WORK TO COMPLETE: Nothing but the lines from the first line of the records through the line with "In plain terms, the" should be output, exactly as written and free of pictures.

Records from a data source:
__________

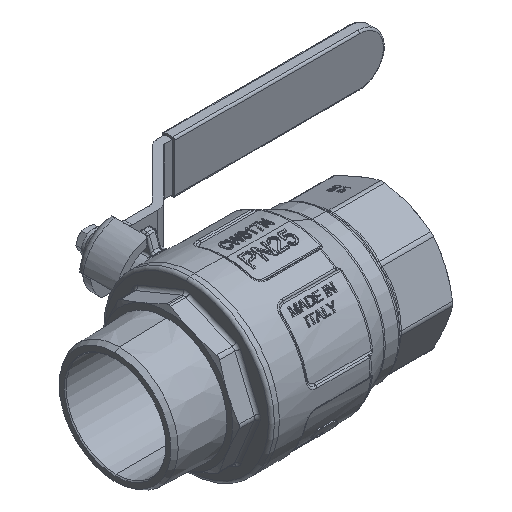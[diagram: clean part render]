
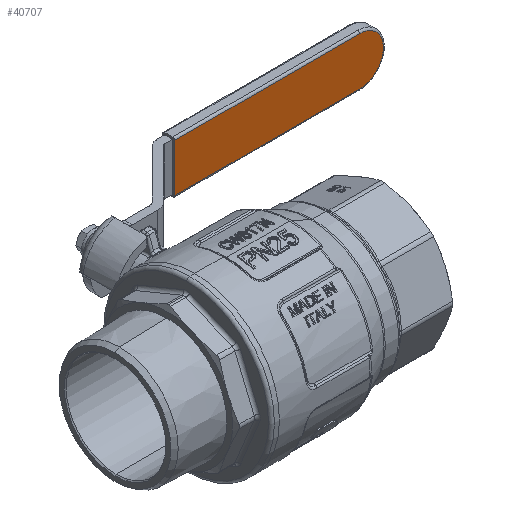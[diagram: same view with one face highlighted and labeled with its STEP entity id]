
A CAD part, isometric view. The second image highlights one B-rep face of the part: STEP entity #40707.
In plain terms, the highlighted planar face has unit normal (0, -1, 0).
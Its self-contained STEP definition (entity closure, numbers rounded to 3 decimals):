
#22 = CARTESIAN_POINT ( 'NONE',  ( 148.623, 93.3, 11.613 ) ) ;
#263 = VECTOR ( 'NONE', #18576, 1000. ) ;
#3171 = CARTESIAN_POINT ( 'NONE',  ( 150.821, 93.3, -10.785 ) ) ;
#3324 = CARTESIAN_POINT ( 'NONE',  ( 156.866, 93.3, -3.867 ) ) ;
#3434 = CARTESIAN_POINT ( 'NONE',  ( 57.447, 93.3, -12. ) ) ;
#3468 = CARTESIAN_POINT ( 'NONE',  ( 155.899, 93.3, 5.999 ) ) ;
#3620 = CARTESIAN_POINT ( 'NONE',  ( 146.293, 93.3, 12. ) ) ;
#5975 = VERTEX_POINT ( 'NONE', #27067 ) ;
#6780 = CARTESIAN_POINT ( 'NONE',  ( 152.488, 93.3, -9.762 ) ) ;
#6941 = CARTESIAN_POINT ( 'NONE',  ( 157.191, 93.3, -2.732 ) ) ;
#7056 = CARTESIAN_POINT ( 'NONE',  ( 62.78, 93.3, -12. ) ) ;
#7091 = CARTESIAN_POINT ( 'NONE',  ( 155.047, 93.3, 7.311 ) ) ;
#7852 = B_SPLINE_CURVE_WITH_KNOTS ( 'NONE', 3,
 ( #12720, #12393, #34579, #13028, #38155, #16639, #41814 ),
 .UNSPECIFIED., .F., .F.,
 ( 4, 3, 4 ),
 ( 0., 0.024, 0.093 ),
 .UNSPECIFIED. ) ;
#8974 = ORIENTED_EDGE ( 'NONE', *, *, #44437, .T. ) ;
#9019 = DIRECTION ( 'NONE',  ( 0., 1., 0. ) ) ;
#10341 = CARTESIAN_POINT ( 'NONE',  ( 153.418, 93.3, -9.026 ) ) ;
#10494 = CARTESIAN_POINT ( 'NONE',  ( 157.499, 93.3, -0.792 ) ) ;
#10608 = CARTESIAN_POINT ( 'NONE',  ( 84.113, 93.3, -12. ) ) ;
#10639 = CARTESIAN_POINT ( 'NONE',  ( 153.432, 93.3, 9.039 ) ) ;
#10949 = B_SPLINE_CURVE_WITH_KNOTS ( 'NONE', 3,
 ( #42885, #14083, #46490, #24943, #3434, #28556, #7056, #32182, #10608, #35777, #14227, #39381, #17846 ),
 .UNSPECIFIED., .F., .F.,
 ( 4, 3, 3, 3, 4 ),
 ( 0., 0.002, 0.01, 0.042, 0.093 ),
 .UNSPECIFIED. ) ;
#12278 = CARTESIAN_POINT ( 'NONE',  ( 145.5, 93.3, -12. ) ) ;
#12393 = CARTESIAN_POINT ( 'NONE',  ( 137.499, 93.3, 12. ) ) ;
#12720 = CARTESIAN_POINT ( 'NONE',  ( 145.5, 93.3, 12. ) ) ;
#12894 = CARTESIAN_POINT ( 'NONE',  ( 52.78, 93.3, 12. ) ) ;
#13028 = CARTESIAN_POINT ( 'NONE',  ( 121.498, 93.3, 12. ) ) ;
#13260 = EDGE_LOOP ( 'NONE', ( #8974, #22604, #31734, #18763 ) ) ;
#13312 = CARTESIAN_POINT ( 'NONE',  ( 145.5, 93.3, 12. ) ) ;
#13962 = CARTESIAN_POINT ( 'NONE',  ( 154.539, 93.3, -7.932 ) ) ;
#14083 = CARTESIAN_POINT ( 'NONE',  ( 53.447, 93.3, -12. ) ) ;
#14121 = CARTESIAN_POINT ( 'NONE',  ( 157.481, 93.3, 0.774 ) ) ;
#14227 = CARTESIAN_POINT ( 'NONE',  ( 111.687, 93.3, -12. ) ) ;
#14260 = CARTESIAN_POINT ( 'NONE',  ( 151.85, 93.3, 10.189 ) ) ;
#16639 = CARTESIAN_POINT ( 'NONE',  ( 75.686, 93.3, 12. ) ) ;
#17426 = CARTESIAN_POINT ( 'NONE',  ( 147.072, 93.3, -11.922 ) ) ;
#17565 = CARTESIAN_POINT ( 'NONE',  ( 155.693, 93.3, -6.344 ) ) ;
#17725 = CARTESIAN_POINT ( 'NONE',  ( 157.346, 93.3, 1.952 ) ) ;
#17846 = CARTESIAN_POINT ( 'NONE',  ( 145.5, 93.3, -12. ) ) ;
#17876 = CARTESIAN_POINT ( 'NONE',  ( 150.821, 93.3, 10.763 ) ) ;
#18576 = DIRECTION ( 'NONE',  ( 0., 0., -1. ) ) ;
#18763 = ORIENTED_EDGE ( 'NONE', *, *, #22872, .T. ) ;
#20503 = VERTEX_POINT ( 'NONE', #13312 ) ;
#21062 = CARTESIAN_POINT ( 'NONE',  ( 148.603, 93.3, -11.599 ) ) ;
#21215 = B_SPLINE_CURVE_WITH_KNOTS ( 'NONE', 3,
 ( #31748, #24514, #17426, #42615, #21062, #46205, #24680, #3171, #28285, #6780, #31912, #10341, #35509, #13962, #39103, #17565, #42764, #21219, #46370, #24826, #3324, #28440, #6941, #32060, #10494, #35652, #14121, #39261, #17725, #42916, #21382, #46522, #24978, #3468, #28593, #7091, #32212, #10639, #35807, #14260, #39415, #17876, #43079, #21524, #22, #25129, #3620, #28739 ),
 .UNSPECIFIED., .F., .F.,
 ( 4, 2, 2, 2, 2, 2, 2, 2, 2, 2, 2, 2, 2, 2, 2, 2, 2, 2, 2, 2, 2, 2, 2, 4 ),
 ( 0., 0.002, 0.004, 0.005, 0.007, 0.008, 0.009, 0.012, 0.013, 0.014, 0.015, 0.016, 0.019, 0.02, 0.021, 0.023, 0.025, 0.026, 0.028, 0.03, 0.032, 0.033, 0.035, 0.038 ),
 .UNSPECIFIED. ) ;
#21219 = CARTESIAN_POINT ( 'NONE',  ( 156.268, 93.3, -5.311 ) ) ;
#21382 = CARTESIAN_POINT ( 'NONE',  ( 156.891, 93.3, 3.855 ) ) ;
#21524 = CARTESIAN_POINT ( 'NONE',  ( 149.371, 93.3, 11.386 ) ) ;
#22604 = ORIENTED_EDGE ( 'NONE', *, *, #35937, .T. ) ;
#22872 = EDGE_CURVE ( 'NONE', #20503, #45087, #7852, .T. ) ;
#23326 = CARTESIAN_POINT ( 'NONE',  ( 145.5, 93.3, 0. ) ) ;
#24514 = CARTESIAN_POINT ( 'NONE',  ( 146.293, 93.3, -12. ) ) ;
#24680 = CARTESIAN_POINT ( 'NONE',  ( 149.731, 93.3, -11.236 ) ) ;
#24826 = CARTESIAN_POINT ( 'NONE',  ( 156.734, 93.3, -4.236 ) ) ;
#24943 = CARTESIAN_POINT ( 'NONE',  ( 54.78, 93.3, -12. ) ) ;
#24978 = CARTESIAN_POINT ( 'NONE',  ( 156.271, 93.3, 5.304 ) ) ;
#25129 = CARTESIAN_POINT ( 'NONE',  ( 147.086, 93.3, 11.921 ) ) ;
#27067 = CARTESIAN_POINT ( 'NONE',  ( 52.78, 93.3, -12. ) ) ;
#28285 = CARTESIAN_POINT ( 'NONE',  ( 151.51, 93.3, -10.415 ) ) ;
#28440 = CARTESIAN_POINT ( 'NONE',  ( 157.094, 93.3, -3.117 ) ) ;
#28556 = CARTESIAN_POINT ( 'NONE',  ( 60.113, 93.3, -12. ) ) ;
#28593 = CARTESIAN_POINT ( 'NONE',  ( 155.698, 93.3, 6.335 ) ) ;
#28739 = CARTESIAN_POINT ( 'NONE',  ( 145.5, 93.3, 12. ) ) ;
#30031 = LINE ( 'NONE', #36489, #263 ) ;
#30238 = PLANE ( 'NONE',  #43698 ) ;
#31734 = ORIENTED_EDGE ( 'NONE', *, *, #32451, .T. ) ;
#31748 = CARTESIAN_POINT ( 'NONE',  ( 145.5, 93.3, -12. ) ) ;
#31912 = CARTESIAN_POINT ( 'NONE',  ( 152.806, 93.3, -9.527 ) ) ;
#32060 = CARTESIAN_POINT ( 'NONE',  ( 157.422, 93.3, -1.57 ) ) ;
#32182 = CARTESIAN_POINT ( 'NONE',  ( 73.447, 93.3, -12. ) ) ;
#32212 = CARTESIAN_POINT ( 'NONE',  ( 154.552, 93.3, 7.918 ) ) ;
#32451 = EDGE_CURVE ( 'NONE', #43299, #20503, #21215, .T. ) ;
#33062 = FACE_OUTER_BOUND ( 'NONE', #13260, .T. ) ;
#34170 = DIRECTION ( 'NONE',  ( 0., 0., 1. ) ) ;
#34579 = CARTESIAN_POINT ( 'NONE',  ( 129.499, 93.3, 12. ) ) ;
#35509 = CARTESIAN_POINT ( 'NONE',  ( 153.709, 93.3, -8.762 ) ) ;
#35652 = CARTESIAN_POINT ( 'NONE',  ( 157.5, 93.3, 0.382 ) ) ;
#35777 = CARTESIAN_POINT ( 'NONE',  ( 94.78, 93.3, -12. ) ) ;
#35807 = CARTESIAN_POINT ( 'NONE',  ( 152.825, 93.3, 9.536 ) ) ;
#35937 = EDGE_CURVE ( 'NONE', #5975, #43299, #10949, .T. ) ;
#36489 = CARTESIAN_POINT ( 'NONE',  ( 52.78, 93.3, 0. ) ) ;
#38155 = CARTESIAN_POINT ( 'NONE',  ( 98.592, 93.3, 12. ) ) ;
#39103 = CARTESIAN_POINT ( 'NONE',  ( 155.035, 93.3, -7.327 ) ) ;
#39261 = CARTESIAN_POINT ( 'NONE',  ( 157.404, 93.3, 1.56 ) ) ;
#39381 = CARTESIAN_POINT ( 'NONE',  ( 128.593, 93.3, -12. ) ) ;
#39415 = CARTESIAN_POINT ( 'NONE',  ( 151.515, 93.3, 10.391 ) ) ;
#40707 = ADVANCED_FACE ( 'NONE', ( #33062 ), #30238, .F. ) ;
#41814 = CARTESIAN_POINT ( 'NONE',  ( 52.78, 93.3, 12. ) ) ;
#42615 = CARTESIAN_POINT ( 'NONE',  ( 148.222, 93.3, -11.694 ) ) ;
#42764 = CARTESIAN_POINT ( 'NONE',  ( 155.897, 93.3, -6.003 ) ) ;
#42885 = CARTESIAN_POINT ( 'NONE',  ( 52.78, 93.3, -12. ) ) ;
#42916 = CARTESIAN_POINT ( 'NONE',  ( 157.117, 93.3, 3.106 ) ) ;
#43079 = CARTESIAN_POINT ( 'NONE',  ( 150.461, 93.3, 10.933 ) ) ;
#43299 = VERTEX_POINT ( 'NONE', #12278 ) ;
#43698 = AXIS2_PLACEMENT_3D ( 'NONE', #23326, #9019, #34170 ) ;
#44437 = EDGE_CURVE ( 'NONE', #45087, #5975, #30031, .T. ) ;
#45087 = VERTEX_POINT ( 'NONE', #12894 ) ;
#46205 = CARTESIAN_POINT ( 'NONE',  ( 149.356, 93.3, -11.37 ) ) ;
#46370 = CARTESIAN_POINT ( 'NONE',  ( 156.435, 93.3, -4.957 ) ) ;
#46490 = CARTESIAN_POINT ( 'NONE',  ( 54.113, 93.3, -12. ) ) ;
#46522 = CARTESIAN_POINT ( 'NONE',  ( 156.441, 93.3, 4.944 ) ) ;

__________

EXERCISE SOLUTION:
[diagram: clean part render]
[diagram: same view with one face highlighted and labeled with its STEP entity id]
A CAD part, isometric view. The second image highlights one B-rep face of the part: STEP entity #40707.
In plain terms, the highlighted planar face has unit normal (0, -1, 0).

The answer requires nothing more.